**PROMPT**
Only one stretch of the data below is needed: the line with "This frame, taken 4.2 seconds after image 1." through the last line. Output it exactly and drop the pictures.

----- MATERIAL TO PROCESS -----

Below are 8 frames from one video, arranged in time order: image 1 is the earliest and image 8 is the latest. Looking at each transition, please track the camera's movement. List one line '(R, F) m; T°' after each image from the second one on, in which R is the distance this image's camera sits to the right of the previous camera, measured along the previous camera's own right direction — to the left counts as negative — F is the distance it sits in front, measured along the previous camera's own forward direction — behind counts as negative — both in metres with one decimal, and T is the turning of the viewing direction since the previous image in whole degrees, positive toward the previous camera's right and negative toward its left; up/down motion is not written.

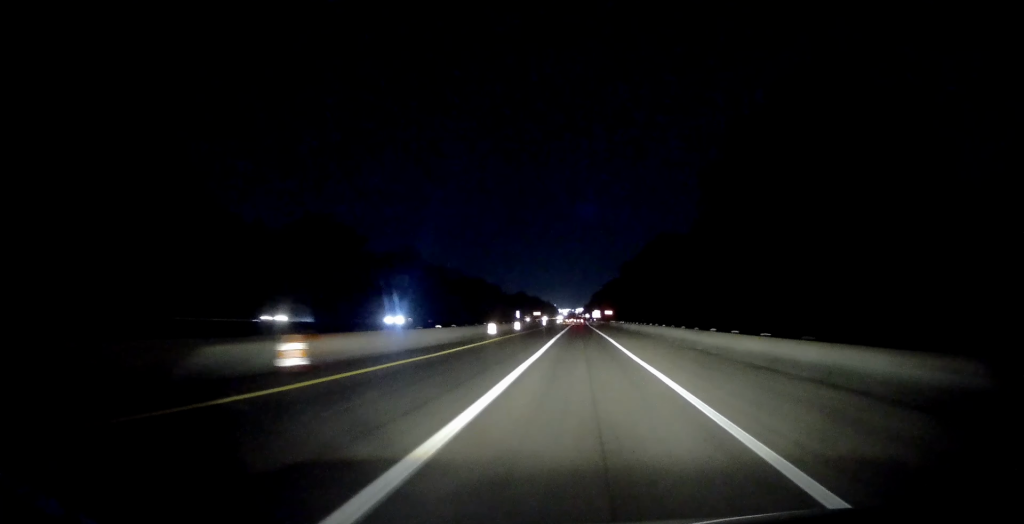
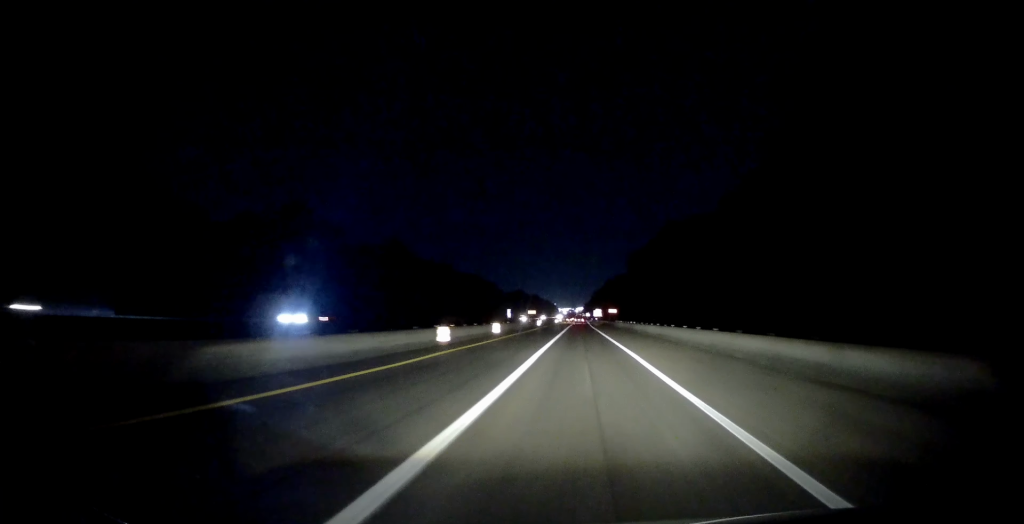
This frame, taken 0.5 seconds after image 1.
(-0.2, +15.8) m; 0°
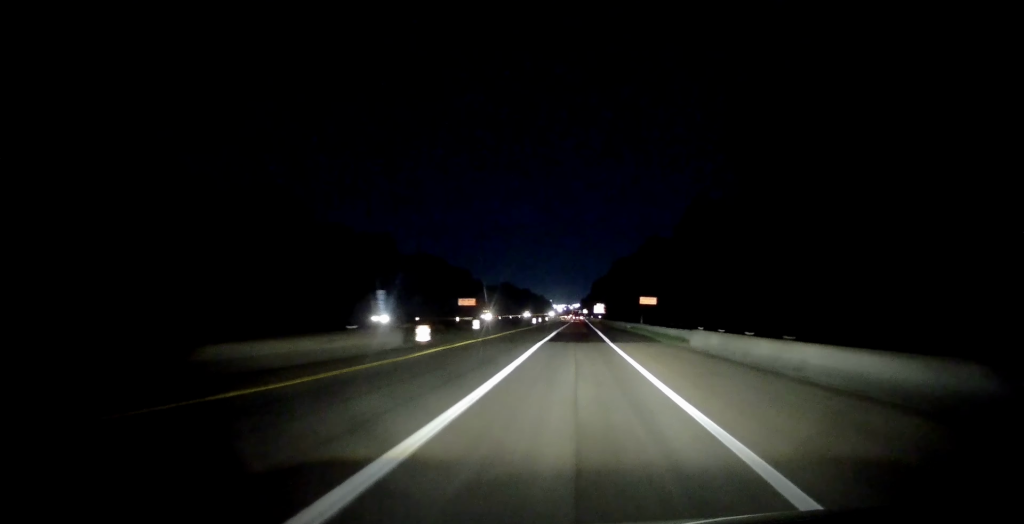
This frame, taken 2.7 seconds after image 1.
(+0.6, +68.4) m; 0°
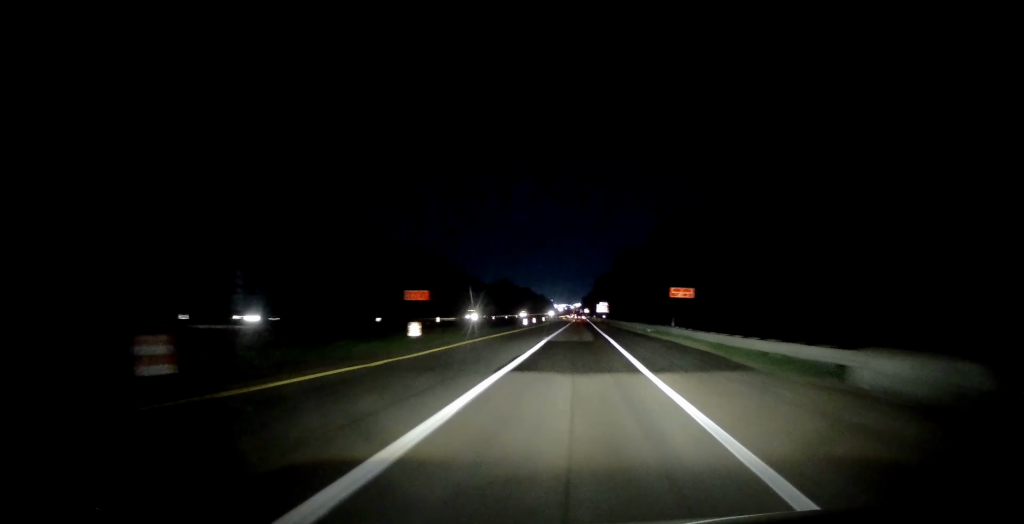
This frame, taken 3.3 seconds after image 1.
(0.0, +17.4) m; 0°
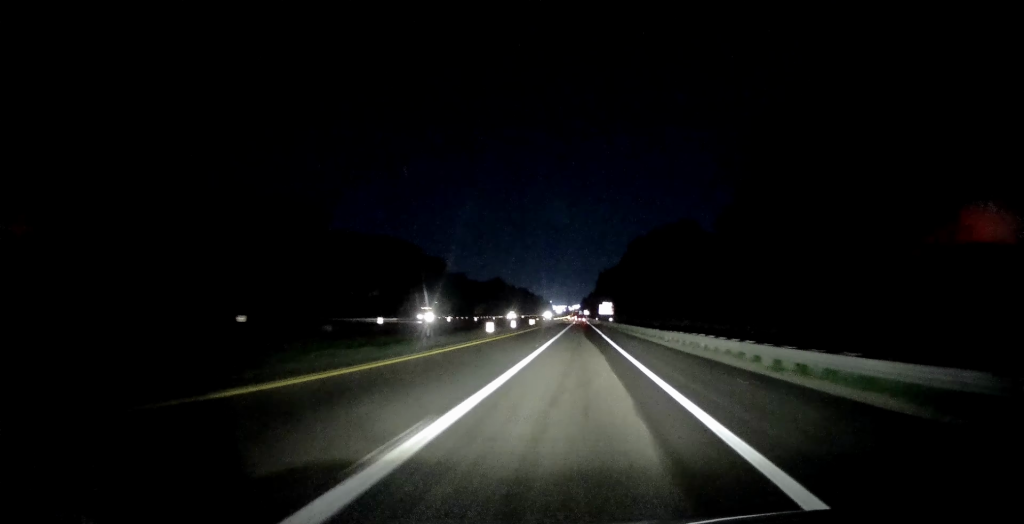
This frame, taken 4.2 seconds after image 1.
(0.0, +29.2) m; 0°
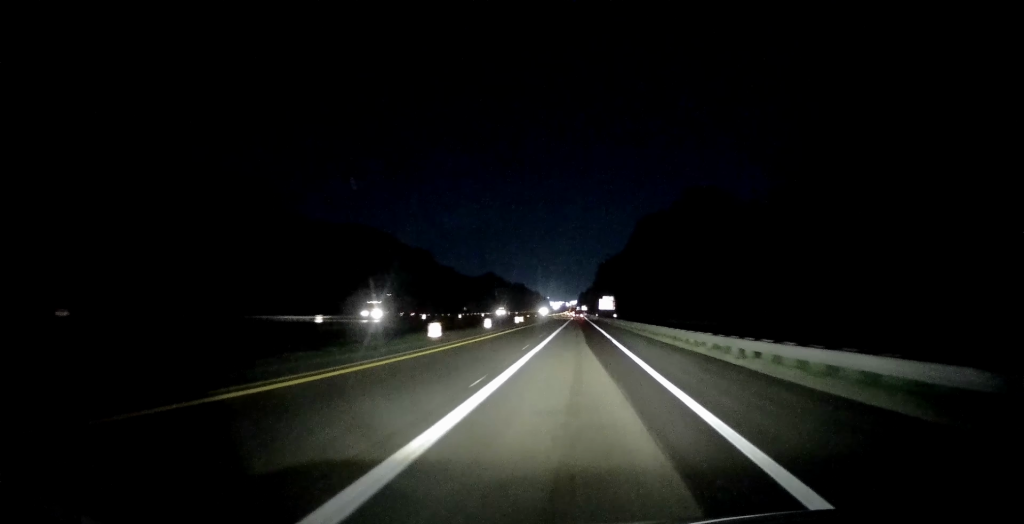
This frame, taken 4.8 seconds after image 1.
(0.0, +16.8) m; 0°
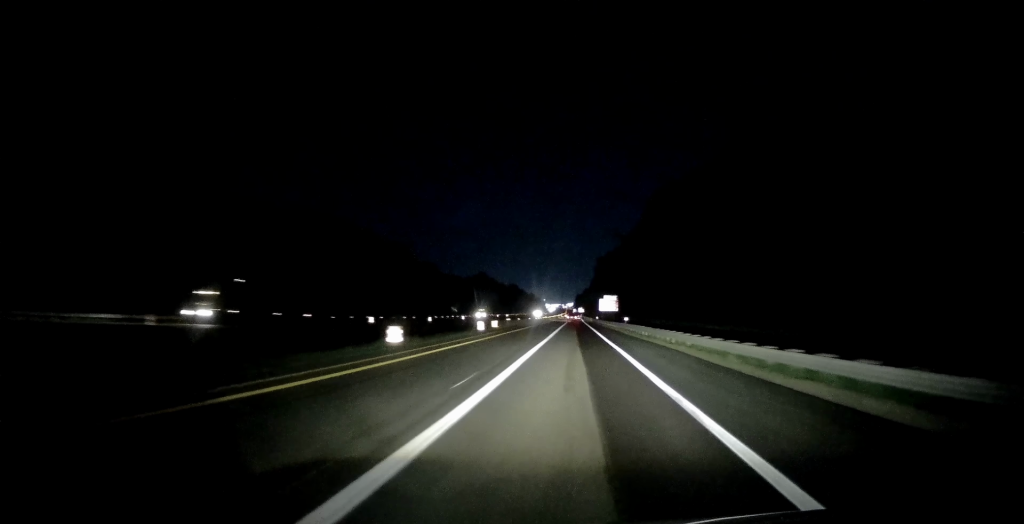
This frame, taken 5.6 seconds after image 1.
(0.0, +23.4) m; 0°
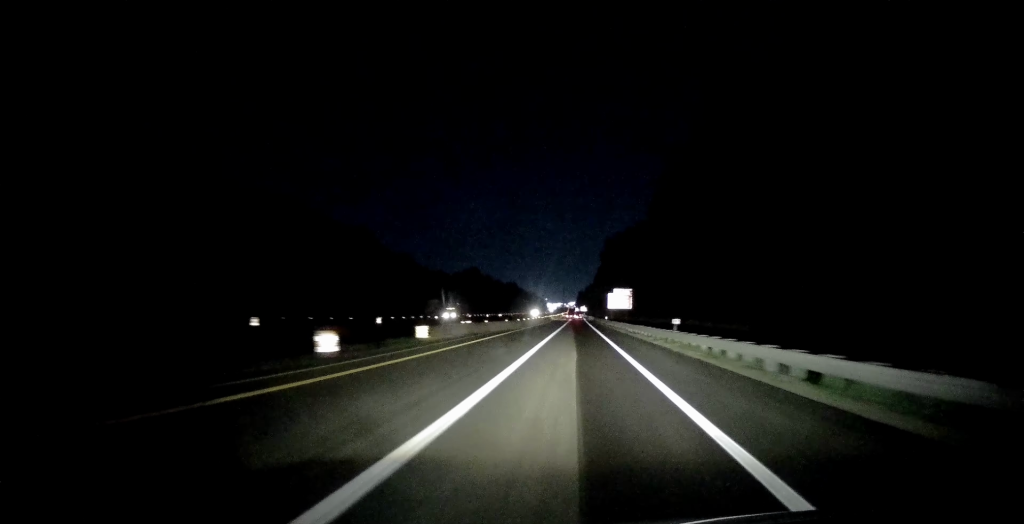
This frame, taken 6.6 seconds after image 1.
(0.0, +27.2) m; 0°

-----

**EXERCISE OUTPUT**
This frame, taken 4.2 seconds after image 1.
(0.0, +29.2) m; 0°
This frame, taken 4.8 seconds after image 1.
(0.0, +16.8) m; 0°
This frame, taken 5.6 seconds after image 1.
(0.0, +23.4) m; 0°
This frame, taken 6.6 seconds after image 1.
(0.0, +27.2) m; 0°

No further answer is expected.